*** Opening of Task data ***

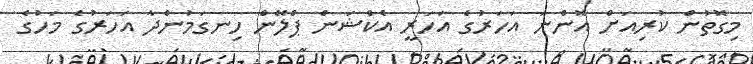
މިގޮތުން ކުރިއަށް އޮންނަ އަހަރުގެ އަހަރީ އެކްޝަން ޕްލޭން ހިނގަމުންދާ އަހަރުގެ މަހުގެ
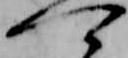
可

*** Close of Task data ***
*** Opening of Task data ***

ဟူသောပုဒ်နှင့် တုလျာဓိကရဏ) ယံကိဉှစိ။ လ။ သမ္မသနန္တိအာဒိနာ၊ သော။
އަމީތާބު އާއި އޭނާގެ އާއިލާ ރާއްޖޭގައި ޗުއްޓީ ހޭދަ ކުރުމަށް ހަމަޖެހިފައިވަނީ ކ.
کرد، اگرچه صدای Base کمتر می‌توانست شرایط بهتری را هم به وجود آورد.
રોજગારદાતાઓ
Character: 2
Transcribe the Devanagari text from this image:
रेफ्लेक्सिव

*** Close of Task data ***

_Work item_
Look above for the line with "کرد، اگرچه صدای" and the line with "रेफ्लेक्सिव", and reproduce exactly those two lines plus every line between, nothing more.

_Written reply_
کرد، اگرچه صدای Base کمتر می‌توانست شرایط بهتری را هم به وجود آورد.
રોજગારદાતાઓ
Character: 2
Transcribe the Devanagari text from this image:
रेफ्लेक्सिव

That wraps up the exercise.